WHAT TO WORK ON
How many lines in the data below include the word "road"? State the number alone.

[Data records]
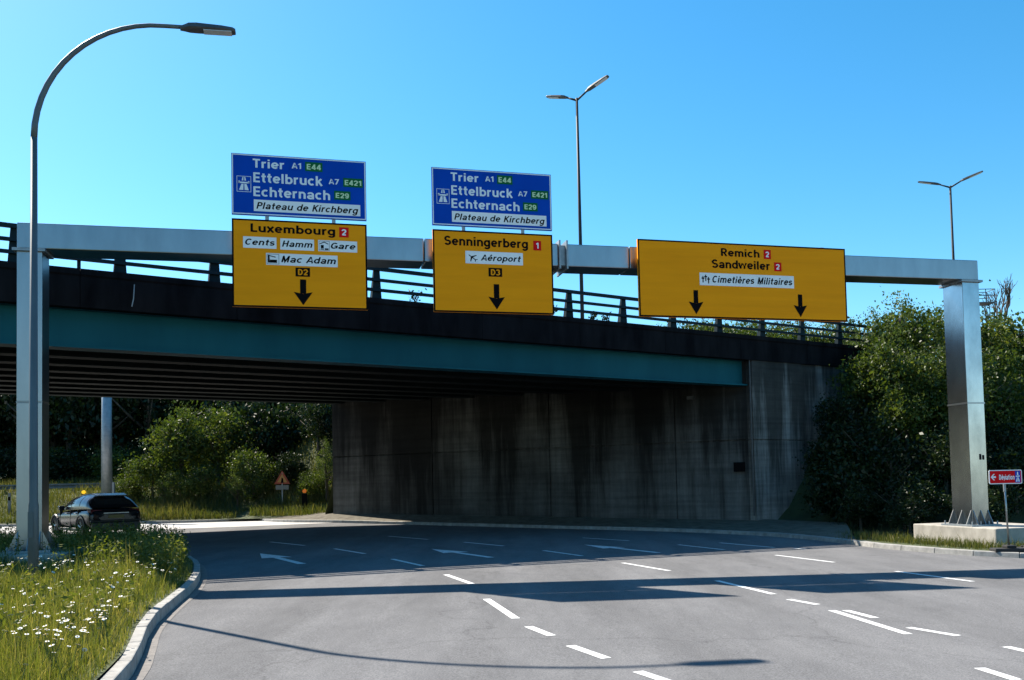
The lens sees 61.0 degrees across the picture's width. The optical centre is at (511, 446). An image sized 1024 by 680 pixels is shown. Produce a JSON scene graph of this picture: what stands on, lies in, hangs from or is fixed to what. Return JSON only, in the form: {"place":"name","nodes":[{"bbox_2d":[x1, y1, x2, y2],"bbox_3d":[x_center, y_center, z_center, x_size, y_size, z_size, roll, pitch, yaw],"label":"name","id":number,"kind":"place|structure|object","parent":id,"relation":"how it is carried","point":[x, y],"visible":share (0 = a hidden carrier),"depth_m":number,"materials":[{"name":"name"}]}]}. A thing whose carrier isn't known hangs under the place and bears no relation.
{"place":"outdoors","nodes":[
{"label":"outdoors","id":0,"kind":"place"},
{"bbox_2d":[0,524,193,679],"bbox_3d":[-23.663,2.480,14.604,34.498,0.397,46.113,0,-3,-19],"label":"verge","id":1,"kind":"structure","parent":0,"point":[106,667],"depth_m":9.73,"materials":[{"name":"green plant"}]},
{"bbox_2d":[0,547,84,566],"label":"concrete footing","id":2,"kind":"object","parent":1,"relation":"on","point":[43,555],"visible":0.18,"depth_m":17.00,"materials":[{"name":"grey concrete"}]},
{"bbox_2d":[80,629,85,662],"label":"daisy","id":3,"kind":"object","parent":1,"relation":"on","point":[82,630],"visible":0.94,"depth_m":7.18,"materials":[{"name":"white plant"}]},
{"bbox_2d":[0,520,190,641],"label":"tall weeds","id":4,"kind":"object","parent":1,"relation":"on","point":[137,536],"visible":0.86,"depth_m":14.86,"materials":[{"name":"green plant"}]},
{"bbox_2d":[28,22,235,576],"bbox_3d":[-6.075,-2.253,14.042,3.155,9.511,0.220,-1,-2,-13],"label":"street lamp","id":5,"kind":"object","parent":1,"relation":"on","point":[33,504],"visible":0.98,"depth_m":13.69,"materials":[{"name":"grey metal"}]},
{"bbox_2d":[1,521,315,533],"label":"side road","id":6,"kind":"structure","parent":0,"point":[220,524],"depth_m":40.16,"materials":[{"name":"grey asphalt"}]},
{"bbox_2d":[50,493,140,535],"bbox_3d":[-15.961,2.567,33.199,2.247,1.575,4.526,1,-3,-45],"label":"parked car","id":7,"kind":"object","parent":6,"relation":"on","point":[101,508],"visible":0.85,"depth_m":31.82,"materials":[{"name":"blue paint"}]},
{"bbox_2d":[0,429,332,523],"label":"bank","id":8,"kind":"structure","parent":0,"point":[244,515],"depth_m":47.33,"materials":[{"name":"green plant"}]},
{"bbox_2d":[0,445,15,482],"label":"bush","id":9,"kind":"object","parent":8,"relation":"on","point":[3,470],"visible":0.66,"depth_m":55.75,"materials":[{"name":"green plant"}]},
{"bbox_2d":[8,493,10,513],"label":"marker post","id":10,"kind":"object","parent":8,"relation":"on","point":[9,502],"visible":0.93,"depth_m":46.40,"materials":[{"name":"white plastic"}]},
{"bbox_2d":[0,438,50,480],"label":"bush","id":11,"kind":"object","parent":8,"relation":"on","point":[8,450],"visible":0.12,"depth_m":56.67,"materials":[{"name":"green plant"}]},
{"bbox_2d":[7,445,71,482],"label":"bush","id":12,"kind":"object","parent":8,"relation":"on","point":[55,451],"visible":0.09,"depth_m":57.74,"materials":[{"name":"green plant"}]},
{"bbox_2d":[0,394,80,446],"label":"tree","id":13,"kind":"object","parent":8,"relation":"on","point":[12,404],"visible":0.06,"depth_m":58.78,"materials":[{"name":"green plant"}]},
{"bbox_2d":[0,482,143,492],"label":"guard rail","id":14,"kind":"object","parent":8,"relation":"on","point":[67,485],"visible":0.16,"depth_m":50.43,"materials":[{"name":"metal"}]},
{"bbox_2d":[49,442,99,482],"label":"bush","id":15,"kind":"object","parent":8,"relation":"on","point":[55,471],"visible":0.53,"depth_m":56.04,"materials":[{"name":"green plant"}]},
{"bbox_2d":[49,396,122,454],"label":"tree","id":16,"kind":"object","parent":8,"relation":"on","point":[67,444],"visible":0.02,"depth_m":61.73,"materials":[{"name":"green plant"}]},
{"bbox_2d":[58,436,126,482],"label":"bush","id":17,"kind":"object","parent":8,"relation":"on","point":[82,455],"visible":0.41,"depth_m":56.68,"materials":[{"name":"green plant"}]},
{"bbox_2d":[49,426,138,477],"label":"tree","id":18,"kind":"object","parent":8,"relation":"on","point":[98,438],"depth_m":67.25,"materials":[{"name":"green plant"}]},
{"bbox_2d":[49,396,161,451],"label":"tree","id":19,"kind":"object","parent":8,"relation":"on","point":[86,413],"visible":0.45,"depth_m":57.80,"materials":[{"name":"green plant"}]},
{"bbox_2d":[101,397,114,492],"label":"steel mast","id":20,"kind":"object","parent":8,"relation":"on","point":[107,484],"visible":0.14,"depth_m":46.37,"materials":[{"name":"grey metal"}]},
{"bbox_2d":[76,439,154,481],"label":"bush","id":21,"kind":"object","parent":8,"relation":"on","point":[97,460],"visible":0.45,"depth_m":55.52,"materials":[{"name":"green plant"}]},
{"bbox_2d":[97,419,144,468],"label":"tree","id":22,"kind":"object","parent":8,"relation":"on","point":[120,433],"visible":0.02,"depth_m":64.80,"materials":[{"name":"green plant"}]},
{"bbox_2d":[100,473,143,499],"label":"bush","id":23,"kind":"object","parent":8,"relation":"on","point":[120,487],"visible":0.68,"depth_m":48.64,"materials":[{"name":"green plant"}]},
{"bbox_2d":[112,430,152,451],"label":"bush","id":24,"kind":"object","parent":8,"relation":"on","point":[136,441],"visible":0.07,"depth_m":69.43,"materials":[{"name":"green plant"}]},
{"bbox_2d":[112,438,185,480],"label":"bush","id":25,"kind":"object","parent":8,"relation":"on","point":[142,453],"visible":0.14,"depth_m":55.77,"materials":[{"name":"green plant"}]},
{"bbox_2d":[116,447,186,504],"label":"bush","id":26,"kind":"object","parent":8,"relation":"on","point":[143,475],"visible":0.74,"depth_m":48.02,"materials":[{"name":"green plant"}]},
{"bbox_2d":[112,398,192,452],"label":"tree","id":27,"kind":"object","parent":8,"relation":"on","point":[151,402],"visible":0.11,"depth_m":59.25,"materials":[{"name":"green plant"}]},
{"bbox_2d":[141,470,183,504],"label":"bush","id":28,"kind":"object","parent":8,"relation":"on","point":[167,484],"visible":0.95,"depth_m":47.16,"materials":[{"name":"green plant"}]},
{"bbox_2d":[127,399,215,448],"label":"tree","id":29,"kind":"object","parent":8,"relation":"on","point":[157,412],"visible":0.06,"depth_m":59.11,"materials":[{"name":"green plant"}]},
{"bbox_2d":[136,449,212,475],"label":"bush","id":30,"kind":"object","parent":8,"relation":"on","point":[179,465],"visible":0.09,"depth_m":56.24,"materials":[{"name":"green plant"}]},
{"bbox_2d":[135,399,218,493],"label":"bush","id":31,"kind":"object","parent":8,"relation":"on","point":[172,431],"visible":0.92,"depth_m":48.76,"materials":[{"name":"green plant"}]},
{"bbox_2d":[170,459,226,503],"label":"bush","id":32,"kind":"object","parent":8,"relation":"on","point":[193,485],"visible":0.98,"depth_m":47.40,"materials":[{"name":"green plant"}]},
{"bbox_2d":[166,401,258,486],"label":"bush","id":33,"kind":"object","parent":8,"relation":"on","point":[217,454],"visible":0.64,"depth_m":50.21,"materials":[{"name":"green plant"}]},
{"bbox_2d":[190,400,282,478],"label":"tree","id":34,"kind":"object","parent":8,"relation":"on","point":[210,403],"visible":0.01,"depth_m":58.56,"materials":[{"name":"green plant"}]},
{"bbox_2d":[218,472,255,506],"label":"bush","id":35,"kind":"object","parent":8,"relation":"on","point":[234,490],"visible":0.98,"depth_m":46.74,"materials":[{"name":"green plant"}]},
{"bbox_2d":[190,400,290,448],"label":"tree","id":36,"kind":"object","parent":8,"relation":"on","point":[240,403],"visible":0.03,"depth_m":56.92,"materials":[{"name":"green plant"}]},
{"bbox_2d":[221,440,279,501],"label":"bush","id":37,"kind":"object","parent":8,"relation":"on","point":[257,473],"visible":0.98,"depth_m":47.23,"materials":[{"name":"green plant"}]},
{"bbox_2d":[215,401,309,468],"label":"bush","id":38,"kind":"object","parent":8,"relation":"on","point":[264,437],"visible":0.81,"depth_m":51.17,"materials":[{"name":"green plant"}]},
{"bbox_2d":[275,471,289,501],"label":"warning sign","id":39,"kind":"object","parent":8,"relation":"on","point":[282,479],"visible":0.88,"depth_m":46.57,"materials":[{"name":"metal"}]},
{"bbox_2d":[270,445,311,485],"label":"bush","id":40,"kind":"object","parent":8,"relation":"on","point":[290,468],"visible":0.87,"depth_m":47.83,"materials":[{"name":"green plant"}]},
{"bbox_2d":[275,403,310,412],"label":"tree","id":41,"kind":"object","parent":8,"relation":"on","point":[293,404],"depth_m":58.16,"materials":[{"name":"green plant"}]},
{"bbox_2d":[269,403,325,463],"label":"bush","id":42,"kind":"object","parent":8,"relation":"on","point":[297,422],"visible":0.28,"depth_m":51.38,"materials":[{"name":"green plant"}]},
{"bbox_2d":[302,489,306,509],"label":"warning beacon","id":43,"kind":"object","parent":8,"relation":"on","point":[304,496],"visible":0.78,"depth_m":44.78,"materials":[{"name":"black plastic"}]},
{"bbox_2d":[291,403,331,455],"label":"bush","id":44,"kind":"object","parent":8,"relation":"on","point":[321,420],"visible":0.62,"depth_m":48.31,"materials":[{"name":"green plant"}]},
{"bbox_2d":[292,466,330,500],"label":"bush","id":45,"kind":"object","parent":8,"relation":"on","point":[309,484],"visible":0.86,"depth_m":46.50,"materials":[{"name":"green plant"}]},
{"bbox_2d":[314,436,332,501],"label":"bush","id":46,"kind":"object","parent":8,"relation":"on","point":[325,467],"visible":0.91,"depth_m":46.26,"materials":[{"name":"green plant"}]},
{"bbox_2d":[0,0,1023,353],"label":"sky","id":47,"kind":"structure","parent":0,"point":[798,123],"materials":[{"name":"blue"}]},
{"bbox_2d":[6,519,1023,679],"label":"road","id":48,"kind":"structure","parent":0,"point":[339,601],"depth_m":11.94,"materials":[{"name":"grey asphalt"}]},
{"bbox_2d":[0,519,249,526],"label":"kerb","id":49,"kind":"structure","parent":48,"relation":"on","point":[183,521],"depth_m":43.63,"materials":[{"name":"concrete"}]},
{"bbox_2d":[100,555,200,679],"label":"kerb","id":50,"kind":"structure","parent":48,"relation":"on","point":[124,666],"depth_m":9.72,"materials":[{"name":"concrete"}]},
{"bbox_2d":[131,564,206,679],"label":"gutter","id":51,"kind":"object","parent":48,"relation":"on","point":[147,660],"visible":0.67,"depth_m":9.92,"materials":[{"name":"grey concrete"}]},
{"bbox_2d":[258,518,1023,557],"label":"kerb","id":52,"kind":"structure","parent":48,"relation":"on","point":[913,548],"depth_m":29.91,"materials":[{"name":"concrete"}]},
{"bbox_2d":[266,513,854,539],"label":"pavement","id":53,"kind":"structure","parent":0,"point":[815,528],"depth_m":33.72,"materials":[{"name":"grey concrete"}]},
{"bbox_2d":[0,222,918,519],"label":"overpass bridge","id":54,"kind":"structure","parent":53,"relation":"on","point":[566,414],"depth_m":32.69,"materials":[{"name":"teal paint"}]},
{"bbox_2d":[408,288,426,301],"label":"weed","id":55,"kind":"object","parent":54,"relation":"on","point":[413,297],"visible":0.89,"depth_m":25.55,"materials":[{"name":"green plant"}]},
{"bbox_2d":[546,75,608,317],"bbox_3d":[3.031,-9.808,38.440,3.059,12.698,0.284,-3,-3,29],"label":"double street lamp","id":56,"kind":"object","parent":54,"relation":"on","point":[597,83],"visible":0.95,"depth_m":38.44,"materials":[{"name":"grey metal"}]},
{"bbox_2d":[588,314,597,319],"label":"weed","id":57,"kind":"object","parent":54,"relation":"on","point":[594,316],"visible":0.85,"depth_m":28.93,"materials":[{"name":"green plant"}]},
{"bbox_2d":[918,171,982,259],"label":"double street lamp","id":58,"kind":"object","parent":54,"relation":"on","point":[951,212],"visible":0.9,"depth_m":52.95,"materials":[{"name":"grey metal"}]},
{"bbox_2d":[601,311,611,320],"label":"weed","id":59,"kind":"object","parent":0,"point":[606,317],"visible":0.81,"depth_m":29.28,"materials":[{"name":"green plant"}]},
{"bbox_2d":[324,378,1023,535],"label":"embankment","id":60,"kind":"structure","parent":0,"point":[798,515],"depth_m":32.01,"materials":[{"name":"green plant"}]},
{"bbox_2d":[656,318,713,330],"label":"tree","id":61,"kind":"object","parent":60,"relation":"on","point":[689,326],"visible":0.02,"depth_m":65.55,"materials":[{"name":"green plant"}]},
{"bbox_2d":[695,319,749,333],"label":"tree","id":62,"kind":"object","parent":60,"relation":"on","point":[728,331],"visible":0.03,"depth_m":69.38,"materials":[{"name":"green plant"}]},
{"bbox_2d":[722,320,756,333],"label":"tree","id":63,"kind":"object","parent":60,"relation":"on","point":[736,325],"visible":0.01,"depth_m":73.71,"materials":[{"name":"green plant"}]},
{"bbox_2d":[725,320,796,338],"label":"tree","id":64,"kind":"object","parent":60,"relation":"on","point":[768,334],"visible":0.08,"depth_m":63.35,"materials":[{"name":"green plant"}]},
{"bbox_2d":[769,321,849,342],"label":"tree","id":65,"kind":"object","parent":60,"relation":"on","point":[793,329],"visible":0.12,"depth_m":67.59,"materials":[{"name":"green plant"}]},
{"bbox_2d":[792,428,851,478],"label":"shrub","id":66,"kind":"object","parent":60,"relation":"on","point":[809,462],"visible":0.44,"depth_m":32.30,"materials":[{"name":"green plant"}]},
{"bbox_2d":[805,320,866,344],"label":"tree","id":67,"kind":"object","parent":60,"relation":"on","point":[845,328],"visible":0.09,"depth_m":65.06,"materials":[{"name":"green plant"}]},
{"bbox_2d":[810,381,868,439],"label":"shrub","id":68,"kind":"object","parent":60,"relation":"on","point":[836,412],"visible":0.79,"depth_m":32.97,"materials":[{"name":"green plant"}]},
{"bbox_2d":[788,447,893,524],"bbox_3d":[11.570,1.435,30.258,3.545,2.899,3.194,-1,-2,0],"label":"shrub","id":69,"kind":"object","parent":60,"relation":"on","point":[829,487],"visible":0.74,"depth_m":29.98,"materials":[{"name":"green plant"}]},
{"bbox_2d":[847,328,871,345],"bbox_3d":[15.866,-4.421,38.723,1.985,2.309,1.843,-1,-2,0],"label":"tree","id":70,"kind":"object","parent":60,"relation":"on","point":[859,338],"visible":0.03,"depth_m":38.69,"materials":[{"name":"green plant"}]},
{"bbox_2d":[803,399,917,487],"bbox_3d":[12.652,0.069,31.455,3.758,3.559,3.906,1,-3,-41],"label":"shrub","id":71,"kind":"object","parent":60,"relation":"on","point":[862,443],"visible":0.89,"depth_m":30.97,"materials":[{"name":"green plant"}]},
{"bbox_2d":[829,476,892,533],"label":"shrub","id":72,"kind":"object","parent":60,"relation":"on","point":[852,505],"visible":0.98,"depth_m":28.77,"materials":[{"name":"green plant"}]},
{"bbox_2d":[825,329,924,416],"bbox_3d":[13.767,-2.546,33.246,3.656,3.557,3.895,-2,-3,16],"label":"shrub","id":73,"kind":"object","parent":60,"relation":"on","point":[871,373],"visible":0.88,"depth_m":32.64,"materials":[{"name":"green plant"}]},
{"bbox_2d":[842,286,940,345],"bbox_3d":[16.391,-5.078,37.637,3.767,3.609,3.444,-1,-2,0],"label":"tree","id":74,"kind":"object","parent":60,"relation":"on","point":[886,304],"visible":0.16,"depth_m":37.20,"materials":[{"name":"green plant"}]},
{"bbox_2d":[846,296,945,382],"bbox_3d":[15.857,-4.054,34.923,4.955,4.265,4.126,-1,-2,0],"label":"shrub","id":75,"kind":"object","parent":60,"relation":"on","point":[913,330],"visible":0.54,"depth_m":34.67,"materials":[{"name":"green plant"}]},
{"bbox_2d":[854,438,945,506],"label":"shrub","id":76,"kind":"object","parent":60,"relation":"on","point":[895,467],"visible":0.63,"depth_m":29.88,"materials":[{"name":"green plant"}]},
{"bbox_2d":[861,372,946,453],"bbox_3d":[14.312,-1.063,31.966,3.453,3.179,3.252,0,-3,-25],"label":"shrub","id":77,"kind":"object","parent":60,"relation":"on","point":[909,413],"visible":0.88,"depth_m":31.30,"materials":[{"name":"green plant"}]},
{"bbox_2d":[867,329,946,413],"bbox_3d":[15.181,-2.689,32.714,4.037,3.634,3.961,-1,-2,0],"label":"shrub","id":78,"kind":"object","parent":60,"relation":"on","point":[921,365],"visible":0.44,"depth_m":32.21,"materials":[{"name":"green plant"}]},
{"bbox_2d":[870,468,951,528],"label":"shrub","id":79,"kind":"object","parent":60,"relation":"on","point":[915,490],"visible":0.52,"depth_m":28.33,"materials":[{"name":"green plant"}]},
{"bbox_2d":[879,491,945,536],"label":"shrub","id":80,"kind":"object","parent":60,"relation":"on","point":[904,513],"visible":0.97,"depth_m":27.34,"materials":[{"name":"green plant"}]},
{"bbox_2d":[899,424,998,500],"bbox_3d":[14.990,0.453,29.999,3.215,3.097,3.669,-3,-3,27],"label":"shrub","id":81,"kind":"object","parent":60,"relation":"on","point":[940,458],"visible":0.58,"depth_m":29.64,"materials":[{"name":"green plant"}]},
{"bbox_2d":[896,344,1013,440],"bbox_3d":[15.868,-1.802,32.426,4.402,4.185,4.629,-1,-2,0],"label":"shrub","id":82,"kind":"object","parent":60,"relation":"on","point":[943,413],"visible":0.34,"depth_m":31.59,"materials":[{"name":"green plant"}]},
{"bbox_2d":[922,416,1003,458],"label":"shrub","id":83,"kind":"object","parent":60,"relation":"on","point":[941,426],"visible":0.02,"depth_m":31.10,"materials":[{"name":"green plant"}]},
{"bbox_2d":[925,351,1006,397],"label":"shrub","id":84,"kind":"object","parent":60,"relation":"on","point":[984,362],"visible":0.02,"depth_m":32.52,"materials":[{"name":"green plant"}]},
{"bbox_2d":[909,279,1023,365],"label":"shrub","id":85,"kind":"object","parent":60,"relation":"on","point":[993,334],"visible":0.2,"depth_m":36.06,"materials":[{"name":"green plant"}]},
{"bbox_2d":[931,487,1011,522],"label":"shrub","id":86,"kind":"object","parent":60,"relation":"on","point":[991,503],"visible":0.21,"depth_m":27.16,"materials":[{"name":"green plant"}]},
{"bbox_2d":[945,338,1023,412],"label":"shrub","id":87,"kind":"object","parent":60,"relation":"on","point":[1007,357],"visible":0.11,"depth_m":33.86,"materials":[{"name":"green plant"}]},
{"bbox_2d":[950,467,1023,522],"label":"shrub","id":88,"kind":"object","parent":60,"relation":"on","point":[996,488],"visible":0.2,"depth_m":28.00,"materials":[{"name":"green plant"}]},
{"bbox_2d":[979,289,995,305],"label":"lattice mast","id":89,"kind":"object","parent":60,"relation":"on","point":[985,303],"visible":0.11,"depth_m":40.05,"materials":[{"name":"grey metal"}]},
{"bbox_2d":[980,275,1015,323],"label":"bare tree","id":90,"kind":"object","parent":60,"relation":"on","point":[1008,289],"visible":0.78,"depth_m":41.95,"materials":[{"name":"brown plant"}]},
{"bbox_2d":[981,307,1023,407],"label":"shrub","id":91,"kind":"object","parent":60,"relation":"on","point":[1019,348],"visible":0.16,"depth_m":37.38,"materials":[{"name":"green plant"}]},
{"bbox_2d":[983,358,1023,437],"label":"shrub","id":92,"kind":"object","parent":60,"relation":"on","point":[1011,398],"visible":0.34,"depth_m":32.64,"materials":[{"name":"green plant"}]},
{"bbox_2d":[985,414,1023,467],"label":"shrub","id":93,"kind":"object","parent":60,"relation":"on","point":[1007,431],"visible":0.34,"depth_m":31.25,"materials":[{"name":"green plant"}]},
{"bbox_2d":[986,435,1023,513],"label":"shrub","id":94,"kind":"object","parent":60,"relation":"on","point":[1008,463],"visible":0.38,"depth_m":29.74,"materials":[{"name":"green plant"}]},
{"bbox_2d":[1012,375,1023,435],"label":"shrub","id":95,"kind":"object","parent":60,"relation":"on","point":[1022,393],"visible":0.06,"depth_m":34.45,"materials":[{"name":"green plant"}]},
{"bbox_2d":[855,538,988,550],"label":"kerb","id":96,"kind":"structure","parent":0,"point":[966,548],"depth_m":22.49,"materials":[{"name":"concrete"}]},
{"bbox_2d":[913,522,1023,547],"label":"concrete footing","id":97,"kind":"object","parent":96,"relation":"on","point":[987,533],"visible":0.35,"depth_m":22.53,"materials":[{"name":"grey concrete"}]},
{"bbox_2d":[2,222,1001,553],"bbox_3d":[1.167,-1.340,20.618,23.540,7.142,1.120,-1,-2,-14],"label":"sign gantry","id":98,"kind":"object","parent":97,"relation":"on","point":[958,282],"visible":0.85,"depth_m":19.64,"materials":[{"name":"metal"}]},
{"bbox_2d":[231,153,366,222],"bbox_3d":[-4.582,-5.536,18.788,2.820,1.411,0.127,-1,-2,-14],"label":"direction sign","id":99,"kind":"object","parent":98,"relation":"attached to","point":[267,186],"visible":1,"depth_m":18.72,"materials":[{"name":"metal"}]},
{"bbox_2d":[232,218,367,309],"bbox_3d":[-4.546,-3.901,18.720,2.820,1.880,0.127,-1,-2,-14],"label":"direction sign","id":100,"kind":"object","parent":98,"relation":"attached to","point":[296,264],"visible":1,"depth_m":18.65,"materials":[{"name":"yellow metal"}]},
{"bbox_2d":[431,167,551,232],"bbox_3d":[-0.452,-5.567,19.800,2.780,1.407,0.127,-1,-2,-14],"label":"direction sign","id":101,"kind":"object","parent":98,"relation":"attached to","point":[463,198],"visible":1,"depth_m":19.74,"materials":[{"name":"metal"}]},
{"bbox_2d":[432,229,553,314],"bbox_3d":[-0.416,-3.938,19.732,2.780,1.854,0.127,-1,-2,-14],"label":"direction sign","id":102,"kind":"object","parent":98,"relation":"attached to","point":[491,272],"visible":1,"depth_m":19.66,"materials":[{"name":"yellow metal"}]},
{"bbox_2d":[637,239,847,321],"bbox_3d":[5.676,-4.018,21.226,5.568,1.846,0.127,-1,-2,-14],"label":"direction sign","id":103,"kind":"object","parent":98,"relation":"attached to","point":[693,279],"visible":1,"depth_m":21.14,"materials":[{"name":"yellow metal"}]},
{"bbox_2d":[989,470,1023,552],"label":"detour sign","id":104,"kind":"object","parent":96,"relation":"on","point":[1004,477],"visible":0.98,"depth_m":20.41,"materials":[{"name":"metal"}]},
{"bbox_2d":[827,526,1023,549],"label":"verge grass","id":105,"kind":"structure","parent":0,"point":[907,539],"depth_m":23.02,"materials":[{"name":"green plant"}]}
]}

REPLY TO THE EXERCISE
2